The administration also has yet to announce exactly how it plans to work going forward with guarantee agencies, which have been primary providers of default aversion and financial literacy services. The same law that brought about the switch to 100 percent direct lending also set aside potentially hundreds of millions of dollars over five years for financial literacy and default management services, through an expansion of the College Access Challenge Grant Program.
Taggart says he knows that it would be unwise for the Education Department to "try to duplicate many of those [existing] competencies that exist in [guarantee] agencies," and that it hopes instead to "leverage what they already had" and "help them to recalibrate [their services] so they can bring that value to the direct loan program."

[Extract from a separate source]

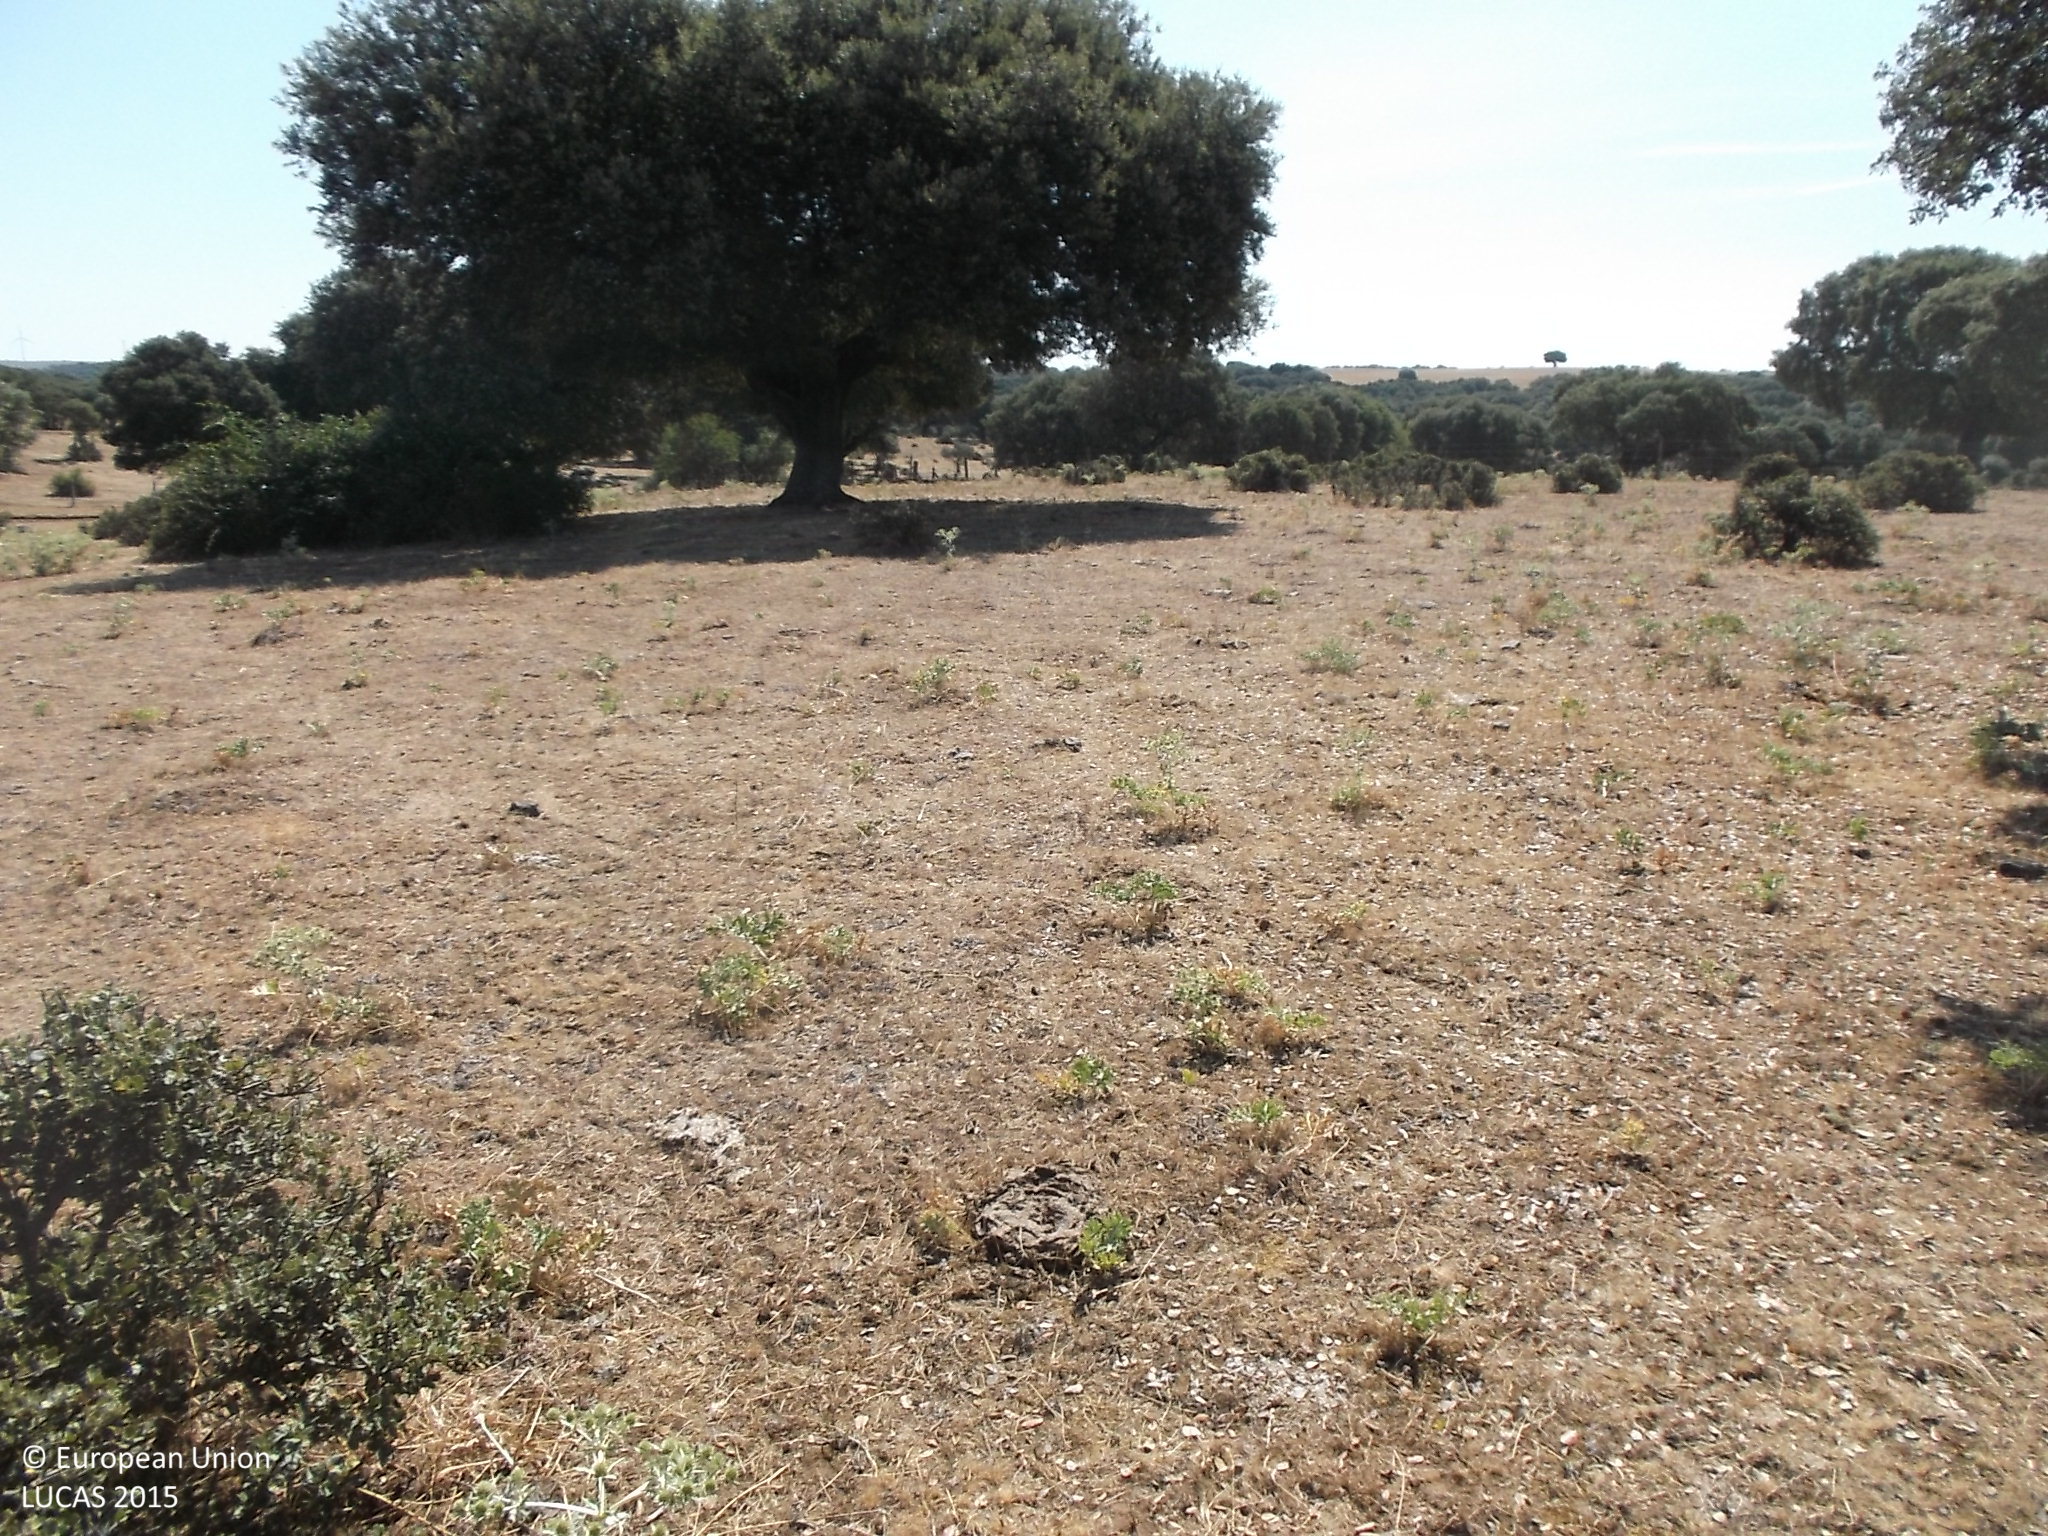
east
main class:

"It's not a crisis at the moment," he says. "We have some time to continue to work with them in a very collaborative manner."
Just how many guarantee agencies will be able and willing to provide default prevention and other services that used to be add-ons to their very profitable student lending businesses -- and to do so at a price the government is willing to pay -- remains an open question. Several such agencies are openly angling for such arrangements, including American Student Assistance, whose president and CEO, Paul Combe, says that effective default prevention is more necessary than ever, given that "salaries are dropping" for many Americans and "higher education debt is growing faster than health care costs."
Given the government's financial situation, Combe says, it's clear that whatever arrangements the Education Department strikes with providers of default aversion and financial literacy services are going to have to look much different than they used to -- rewarding entities that prevent defaults rather than collect on them, and are willing to provide the services "from a public purpose point of view," rather than to make a profit. "There's just no new money [for the government] -- that's just a reality," he says.